### Task brief
Your response should consist of the lines below, printed exactly.

╭─ Data for analysis

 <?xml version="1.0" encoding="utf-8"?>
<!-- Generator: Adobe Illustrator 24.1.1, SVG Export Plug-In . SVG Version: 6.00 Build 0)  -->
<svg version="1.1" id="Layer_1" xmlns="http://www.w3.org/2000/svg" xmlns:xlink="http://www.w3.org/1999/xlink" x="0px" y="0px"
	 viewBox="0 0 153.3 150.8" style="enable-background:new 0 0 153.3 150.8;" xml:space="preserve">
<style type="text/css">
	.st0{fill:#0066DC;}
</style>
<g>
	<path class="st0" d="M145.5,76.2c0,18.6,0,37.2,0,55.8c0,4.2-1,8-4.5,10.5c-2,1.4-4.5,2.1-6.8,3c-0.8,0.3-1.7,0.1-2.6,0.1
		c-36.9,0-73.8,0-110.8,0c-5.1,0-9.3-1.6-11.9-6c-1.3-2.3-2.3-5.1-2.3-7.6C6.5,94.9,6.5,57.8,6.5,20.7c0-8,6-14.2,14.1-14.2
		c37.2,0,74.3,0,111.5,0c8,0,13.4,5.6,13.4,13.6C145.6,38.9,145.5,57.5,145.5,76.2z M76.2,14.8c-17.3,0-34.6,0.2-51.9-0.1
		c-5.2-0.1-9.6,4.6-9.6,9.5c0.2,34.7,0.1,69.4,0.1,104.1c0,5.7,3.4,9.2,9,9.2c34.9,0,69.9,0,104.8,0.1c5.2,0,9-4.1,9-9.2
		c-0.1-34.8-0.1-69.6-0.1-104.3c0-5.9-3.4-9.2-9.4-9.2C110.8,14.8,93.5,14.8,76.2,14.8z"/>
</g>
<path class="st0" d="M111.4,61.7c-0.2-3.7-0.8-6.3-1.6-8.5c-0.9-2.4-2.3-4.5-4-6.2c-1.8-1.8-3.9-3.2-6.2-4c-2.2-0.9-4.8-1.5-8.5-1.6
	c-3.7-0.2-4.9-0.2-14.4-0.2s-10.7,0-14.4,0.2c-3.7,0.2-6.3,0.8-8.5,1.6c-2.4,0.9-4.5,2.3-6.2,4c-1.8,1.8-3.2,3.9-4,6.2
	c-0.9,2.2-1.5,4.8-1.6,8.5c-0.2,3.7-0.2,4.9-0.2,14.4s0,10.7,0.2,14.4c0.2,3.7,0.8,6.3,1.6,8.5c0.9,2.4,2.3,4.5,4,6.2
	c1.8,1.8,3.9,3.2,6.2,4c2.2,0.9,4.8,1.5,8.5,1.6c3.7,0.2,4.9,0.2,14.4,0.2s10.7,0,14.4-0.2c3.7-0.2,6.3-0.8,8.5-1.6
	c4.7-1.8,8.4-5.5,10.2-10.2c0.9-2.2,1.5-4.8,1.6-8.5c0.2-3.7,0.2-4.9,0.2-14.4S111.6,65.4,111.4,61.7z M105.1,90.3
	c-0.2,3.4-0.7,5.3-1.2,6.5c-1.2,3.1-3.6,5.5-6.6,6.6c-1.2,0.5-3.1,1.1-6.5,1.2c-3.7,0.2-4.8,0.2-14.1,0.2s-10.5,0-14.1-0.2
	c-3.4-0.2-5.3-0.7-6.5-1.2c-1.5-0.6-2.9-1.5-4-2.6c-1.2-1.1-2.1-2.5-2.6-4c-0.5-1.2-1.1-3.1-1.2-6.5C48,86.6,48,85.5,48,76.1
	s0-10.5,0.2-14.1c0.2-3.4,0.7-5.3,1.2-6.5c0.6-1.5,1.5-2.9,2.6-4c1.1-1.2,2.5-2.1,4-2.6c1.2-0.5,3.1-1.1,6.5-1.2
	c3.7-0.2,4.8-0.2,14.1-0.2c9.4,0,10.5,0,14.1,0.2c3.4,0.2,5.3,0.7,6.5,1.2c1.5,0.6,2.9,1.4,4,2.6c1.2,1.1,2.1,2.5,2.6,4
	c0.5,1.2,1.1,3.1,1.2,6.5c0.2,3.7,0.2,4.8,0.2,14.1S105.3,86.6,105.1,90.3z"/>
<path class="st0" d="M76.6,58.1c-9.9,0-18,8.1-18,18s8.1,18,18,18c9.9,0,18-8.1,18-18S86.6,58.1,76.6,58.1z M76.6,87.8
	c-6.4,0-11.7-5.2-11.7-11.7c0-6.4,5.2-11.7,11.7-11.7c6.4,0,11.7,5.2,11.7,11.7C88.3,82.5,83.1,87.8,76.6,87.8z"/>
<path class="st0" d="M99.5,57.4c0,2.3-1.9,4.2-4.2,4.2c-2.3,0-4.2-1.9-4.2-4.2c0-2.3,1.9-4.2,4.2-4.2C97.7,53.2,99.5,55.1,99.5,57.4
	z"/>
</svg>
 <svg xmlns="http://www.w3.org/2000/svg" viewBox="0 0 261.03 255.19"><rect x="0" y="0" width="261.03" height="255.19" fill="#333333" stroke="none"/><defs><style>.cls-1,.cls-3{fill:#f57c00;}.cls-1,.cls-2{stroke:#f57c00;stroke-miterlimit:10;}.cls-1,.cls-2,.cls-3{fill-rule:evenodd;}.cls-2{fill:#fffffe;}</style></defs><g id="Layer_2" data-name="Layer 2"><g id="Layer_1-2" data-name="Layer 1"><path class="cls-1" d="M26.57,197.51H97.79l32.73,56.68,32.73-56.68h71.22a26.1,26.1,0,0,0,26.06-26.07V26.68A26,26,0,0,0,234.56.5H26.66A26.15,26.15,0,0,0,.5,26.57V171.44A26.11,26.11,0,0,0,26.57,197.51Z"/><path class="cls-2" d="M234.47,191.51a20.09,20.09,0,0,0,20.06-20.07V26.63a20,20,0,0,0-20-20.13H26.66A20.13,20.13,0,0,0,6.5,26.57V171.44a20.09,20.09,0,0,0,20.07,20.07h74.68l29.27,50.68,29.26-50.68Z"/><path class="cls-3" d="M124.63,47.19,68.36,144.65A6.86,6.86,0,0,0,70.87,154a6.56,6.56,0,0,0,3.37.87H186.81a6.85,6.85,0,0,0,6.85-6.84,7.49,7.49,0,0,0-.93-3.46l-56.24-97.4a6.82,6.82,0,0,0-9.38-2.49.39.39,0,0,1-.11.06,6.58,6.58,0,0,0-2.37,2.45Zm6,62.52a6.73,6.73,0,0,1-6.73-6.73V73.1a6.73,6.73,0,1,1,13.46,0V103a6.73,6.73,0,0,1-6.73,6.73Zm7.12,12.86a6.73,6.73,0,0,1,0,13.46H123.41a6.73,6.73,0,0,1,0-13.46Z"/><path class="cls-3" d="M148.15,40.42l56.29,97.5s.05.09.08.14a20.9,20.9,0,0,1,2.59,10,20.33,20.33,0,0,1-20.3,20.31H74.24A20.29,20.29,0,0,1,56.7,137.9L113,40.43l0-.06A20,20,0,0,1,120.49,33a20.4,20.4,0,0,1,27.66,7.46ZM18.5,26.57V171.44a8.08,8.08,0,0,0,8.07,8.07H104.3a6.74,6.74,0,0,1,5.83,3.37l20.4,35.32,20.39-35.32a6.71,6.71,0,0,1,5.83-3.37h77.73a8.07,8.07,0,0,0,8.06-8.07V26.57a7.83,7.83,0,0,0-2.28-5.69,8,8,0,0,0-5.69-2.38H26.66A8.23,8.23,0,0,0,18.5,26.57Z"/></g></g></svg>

╰─

### Exercise solution
 <?xml version="1.0" encoding="utf-8"?>
<!-- Generator: Adobe Illustrator 24.1.1, SVG Export Plug-In . SVG Version: 6.00 Build 0)  -->
<svg version="1.1" id="Layer_1" xmlns="http://www.w3.org/2000/svg" xmlns:xlink="http://www.w3.org/1999/xlink" x="0px" y="0px"
	 viewBox="0 0 153.3 150.8" style="enable-background:new 0 0 153.3 150.8;" xml:space="preserve">
<style type="text/css">
	.st0{fill:#0066DC;}
</style>
<g>
	<path class="st0" d="M145.5,76.2c0,18.6,0,37.2,0,55.8c0,4.2-1,8-4.5,10.5c-2,1.4-4.5,2.1-6.8,3c-0.8,0.3-1.7,0.1-2.6,0.1
		c-36.9,0-73.8,0-110.8,0c-5.1,0-9.3-1.6-11.9-6c-1.3-2.3-2.3-5.1-2.3-7.6C6.5,94.9,6.5,57.8,6.5,20.7c0-8,6-14.2,14.1-14.2
		c37.2,0,74.3,0,111.5,0c8,0,13.4,5.6,13.4,13.6C145.6,38.9,145.5,57.5,145.5,76.2z M76.2,14.8c-17.3,0-34.6,0.2-51.9-0.1
		c-5.2-0.1-9.6,4.6-9.6,9.5c0.2,34.7,0.1,69.4,0.1,104.1c0,5.7,3.4,9.2,9,9.2c34.9,0,69.9,0,104.8,0.1c5.2,0,9-4.1,9-9.2
		c-0.1-34.8-0.1-69.6-0.1-104.3c0-5.9-3.4-9.2-9.4-9.2C110.8,14.8,93.5,14.8,76.2,14.8z"/>
</g>
<path class="st0" d="M111.4,61.7c-0.2-3.7-0.8-6.3-1.6-8.5c-0.9-2.4-2.3-4.5-4-6.2c-1.8-1.8-3.9-3.2-6.2-4c-2.2-0.9-4.8-1.5-8.5-1.6
	c-3.7-0.2-4.9-0.2-14.4-0.2s-10.7,0-14.4,0.2c-3.7,0.2-6.3,0.8-8.5,1.6c-2.4,0.9-4.5,2.3-6.2,4c-1.8,1.8-3.2,3.9-4,6.2
	c-0.9,2.2-1.5,4.8-1.6,8.5c-0.2,3.7-0.2,4.9-0.2,14.4s0,10.7,0.2,14.4c0.2,3.7,0.8,6.3,1.6,8.5c0.9,2.4,2.3,4.5,4,6.2
	c1.8,1.8,3.9,3.2,6.2,4c2.2,0.9,4.8,1.5,8.5,1.6c3.7,0.2,4.9,0.2,14.4,0.2s10.7,0,14.4-0.2c3.7-0.2,6.3-0.8,8.5-1.6
	c4.7-1.8,8.4-5.5,10.2-10.2c0.9-2.2,1.5-4.8,1.6-8.5c0.2-3.7,0.2-4.9,0.2-14.4S111.6,65.4,111.4,61.7z M105.1,90.3
	c-0.2,3.4-0.7,5.3-1.2,6.5c-1.2,3.1-3.6,5.5-6.6,6.6c-1.2,0.5-3.1,1.1-6.5,1.2c-3.7,0.2-4.8,0.2-14.1,0.2s-10.5,0-14.1-0.2
	c-3.4-0.2-5.3-0.7-6.5-1.2c-1.5-0.6-2.9-1.5-4-2.6c-1.2-1.1-2.1-2.5-2.6-4c-0.5-1.2-1.1-3.1-1.2-6.5C48,86.6,48,85.5,48,76.1
	s0-10.5,0.2-14.1c0.2-3.4,0.7-5.3,1.2-6.5c0.6-1.5,1.5-2.9,2.6-4c1.1-1.2,2.5-2.1,4-2.6c1.2-0.5,3.1-1.1,6.5-1.2
	c3.7-0.2,4.8-0.2,14.1-0.2c9.4,0,10.5,0,14.1,0.2c3.4,0.2,5.3,0.7,6.5,1.2c1.5,0.6,2.9,1.4,4,2.6c1.2,1.1,2.1,2.5,2.6,4
	c0.5,1.2,1.1,3.1,1.2,6.5c0.2,3.7,0.2,4.8,0.2,14.1S105.3,86.6,105.1,90.3z"/>
<path class="st0" d="M76.6,58.1c-9.9,0-18,8.1-18,18s8.1,18,18,18c9.9,0,18-8.1,18-18S86.6,58.1,76.6,58.1z M76.6,87.8
	c-6.4,0-11.7-5.2-11.7-11.7c0-6.4,5.2-11.7,11.7-11.7c6.4,0,11.7,5.2,11.7,11.7C88.3,82.5,83.1,87.8,76.6,87.8z"/>
<path class="st0" d="M99.5,57.4c0,2.3-1.9,4.2-4.2,4.2c-2.3,0-4.2-1.9-4.2-4.2c0-2.3,1.9-4.2,4.2-4.2C97.7,53.2,99.5,55.1,99.5,57.4
	z"/>
</svg>
 <svg xmlns="http://www.w3.org/2000/svg" viewBox="0 0 261.03 255.19"><rect x="0" y="0" width="261.03" height="255.19" fill="#333333" stroke="none"/><defs><style>.cls-1,.cls-3{fill:#f57c00;}.cls-1,.cls-2{stroke:#f57c00;stroke-miterlimit:10;}.cls-1,.cls-2,.cls-3{fill-rule:evenodd;}.cls-2{fill:#fffffe;}</style></defs><g id="Layer_2" data-name="Layer 2"><g id="Layer_1-2" data-name="Layer 1"><path class="cls-1" d="M26.57,197.51H97.79l32.73,56.68,32.73-56.68h71.22a26.1,26.1,0,0,0,26.06-26.07V26.68A26,26,0,0,0,234.56.5H26.66A26.15,26.15,0,0,0,.5,26.57V171.44A26.11,26.11,0,0,0,26.57,197.51Z"/><path class="cls-2" d="M234.47,191.51a20.09,20.09,0,0,0,20.06-20.07V26.63a20,20,0,0,0-20-20.13H26.66A20.13,20.13,0,0,0,6.5,26.57V171.44a20.09,20.09,0,0,0,20.07,20.07h74.68l29.27,50.68,29.26-50.68Z"/><path class="cls-3" d="M124.63,47.19,68.36,144.65A6.86,6.86,0,0,0,70.87,154a6.56,6.56,0,0,0,3.37.87H186.81a6.85,6.85,0,0,0,6.85-6.84,7.49,7.49,0,0,0-.93-3.46l-56.24-97.4a6.82,6.82,0,0,0-9.38-2.49.39.39,0,0,1-.11.06,6.58,6.58,0,0,0-2.37,2.45Zm6,62.52a6.73,6.73,0,0,1-6.73-6.73V73.1a6.73,6.73,0,1,1,13.46,0V103a6.73,6.73,0,0,1-6.73,6.73Zm7.12,12.86a6.73,6.73,0,0,1,0,13.46H123.41a6.73,6.73,0,0,1,0-13.46Z"/><path class="cls-3" d="M148.15,40.42l56.29,97.5s.05.09.08.14a20.9,20.9,0,0,1,2.59,10,20.33,20.33,0,0,1-20.3,20.31H74.24A20.29,20.29,0,0,1,56.7,137.9L113,40.43l0-.06A20,20,0,0,1,120.49,33a20.4,20.4,0,0,1,27.66,7.46ZM18.5,26.57V171.44a8.08,8.08,0,0,0,8.07,8.07H104.3a6.74,6.74,0,0,1,5.83,3.37l20.4,35.32,20.39-35.32a6.71,6.71,0,0,1,5.83-3.37h77.73a8.07,8.07,0,0,0,8.06-8.07V26.57a7.83,7.83,0,0,0-2.28-5.69,8,8,0,0,0-5.69-2.38H26.66A8.23,8.23,0,0,0,18.5,26.57Z"/></g></g></svg>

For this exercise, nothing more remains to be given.